In “Queer in Translation: Sexual Politics Under Neoliberal Islam” (Duke University Press), Savcı, an assistant professor in women’s, gender, and sexuality studies in the Faculty of Arts and Sciences, illuminates the struggles of queer individuals living under Turkey’s Justice and Development Party (known as AKP), a moderate-Islamist political regime which rose to power in 2002. It’s based in part on her ethnographic research on queer activists from 2008 through the 2013 Gezi Park uprising, when thousands of Turkish citizens — among them LGBT rights activists — gathered to protest government plans to convert one of Istanbul’s last city parks into a shopping mall and were met with police violence.

The book also explores the ways Western LGBT political terminology has traveled to and been interpreted in the Muslim-majority nation and offers new ways to think about queer political movements beyond binary interpretations, such as traditional-versus-modern, global-versus-local, or East-versus-West.

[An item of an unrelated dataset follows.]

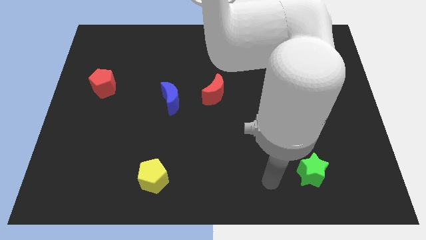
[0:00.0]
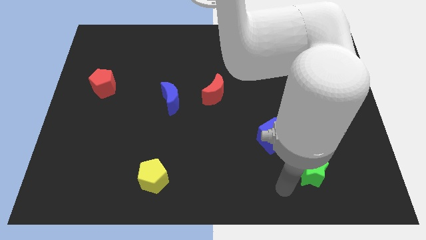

Among other topics, Savcı investigates the murder of a Kurdish gay man whose father is accused of committing the crime to protect his family’s honor, and portrays the lives of trans sex workers who are increasingly harassed by police in public spaces.

Savcı, a scholar of transnational sexualities who is also affiliated with the Yale MacMillan Center’s Council on Middle East Studies, recently spoke with YaleNews about the book and the fight for LGBT rights in Turkey. The interview is edited and condensed.

When you started your research in Turkey back in 2008, many democratic transformations were taking place. What changed?

Evren Savcı: At the time, the AKP was engaged in democratic openings as part of Turkey’s European Union accession bid. These included the banning of capital punishment, which was a pre-condition of the accession process, changes in misogynistic language in laws, the removal of references to morality and honor from the law, and the introduction of marital rape as a crime. The first state-run Kurdish television station was created and the government was talking about starting diplomatic relationships with Armenia, a country with which there are historic tensions. There was talk about a headscarf opening; headscarves had previously been outlawed in public offices and universities. These changes were mostly welcomed.

But by 2010, as I was getting ready to finish my dissertation, the tone of the country was changing. There were hunger strikes in Kurdish prisons that the government was denouncing. This was at the time of the Arab Spring. The world was talking about Turkey as a model for the Arab world, but it was clear that the government was beginning to repress dissent.

Increasingly there were more demands for submission to the government. Labor unions, feminists, and queer subjects were all critical of the government, and it looked like all the changes were just a very calculated part of the accession process. When that didn’t deliver [accession negotiations have been stalled since 2016], the government didn’t have as much investment in these democratic openings.

Evren Savcı

By the time of the Gezi Park protest, journalists were being jailed and many forms of dissent were punished. Were queer people increasingly marginalized?

Savcı: By this time, it started becoming clear that the country was being turned into a privatizing construction machine. A lot of public goods started being privatized and many of these privatization projects were going to direct relatives of people in charge or to close allies. Many of the urban development projects were not only harmful to the social fabric but caused environmental damage. The protestors were contesting the privatization and construction.

The uprising was a big challenge to AKP rule. This was a countrywide protest, and the police used plastic bullets, water cannons, and tear gas on the protestors. Severe police violence became the norm.

U.S. scholars of neoliberalism have written about how this economic system concentrates inequality in the lowest echelons of society. I argue that in Turkey, there has been a deployment of marginality to larger and larger masses of people. Anyone not aligned with the government is seen as a “terrorist” or enemy of the nation.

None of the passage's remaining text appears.